Alder is strongly associated with moving and standing water. It thrives along rivers, lochs, floodplains, and marsh edges, stabilising banks and enriching soil through nitrogen fixation. Its timber resists decay when permanently wet and was used for piles, bridges, sluices, and water pipes. Andrea Palladio observed that alder wood, when submerged, “becomes harder than iron”⁷. Alder continues to perform this stabilising role naturally in flood-prone ground.
Willow shows similar tolerance. Many native willows survive prolonged inundation, regenerate readily, and stabilise river margins. Willow bark was used historically for pain and fever; Edward Stone documented its effects in 1763, identifying the compound that later informed the development of aspirin⁸.
Elm provides a clear example of how earlier writers understood trees through use. John Evelyn described elm as “timber of most singular use, especially whereby it may be continually dry or wet in extremes,” making it suitable for waterworks, mills, pumps, aqueducts, and ship planking below the waterline⁹. He noted its resistance to splitting, its use in wheelwork, rails, gates, chopping blocks, trunks, coffins, carving, and architectural ornament. He also recorded uses beyond timber; elm leaves, particularly from female trees, were used as fodder during winter scarcity and summer drought, and preparations of leaf and bark were applied to wounds and fractures. Elm’s value lay in its behaviour under stress rather than its speed of growth.

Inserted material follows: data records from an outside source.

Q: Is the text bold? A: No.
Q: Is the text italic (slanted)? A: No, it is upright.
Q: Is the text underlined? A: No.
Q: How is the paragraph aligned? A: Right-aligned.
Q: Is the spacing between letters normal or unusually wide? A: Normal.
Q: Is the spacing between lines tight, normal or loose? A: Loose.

Ash was widely managed for tools, carts, ladders, and agricultural implements due to its strength and flexibility. Hazel was coppiced for centuries, producing poles for fencing, baskets, fish traps, and wattle construction, while providing nuts as food. Rowan grew on thin soils and higher ground, its dense wood suited to pegs and handles, its berries feeding birds late into the year. Aspen persisted through clonal spread on moist ground, supporting specialist insects linked to long-established woodland. Hawthorn formed durable hedges, holly provided winter shelter and hard wood, juniper adapted to poor soils, elder supplied drinks, dyes, and remedies, and wild cherry supported pollinators while yielding valued cabinet timber.
Taken together, these trees illustrate a different kind of woodland logic. Their value does not lie in uniformity or short-term output, but in durability across time, variable water, and repeated use. They stabilise soil, regulate water, support diverse life, and provide materials whose usefulness emerges over generations rather than within a single rotation.
¹ James C. Scott, Seeing Like a State: How Certain Schemes to Improve the Human Condition Have Failed (1998), Part I.
² Scott, Seeing Like a State, discussion of scientific forestry.
³ Scott, Seeing Like a State, analysis of second-rotation yield decline.
⁴ Scott, Seeing Like a State, on genetic uniformity and vulnerability.
⁵ John Evelyn, Sylva, or A Discourse of Forest-Trees (1664).
⁶ Forestry Commission Scotland, Native Woodland Models (2019).
⁷ Andrea Palladio, I Quattro Libri dell’Architettura (1570).
⁸ Edward Stone, “An Account of the Success of the Bark of the Willow,” Philosophical Transactions of the Royal Society (1763).
⁹ Evelyn, Sylva, elm chapter, cited by Scott (1998).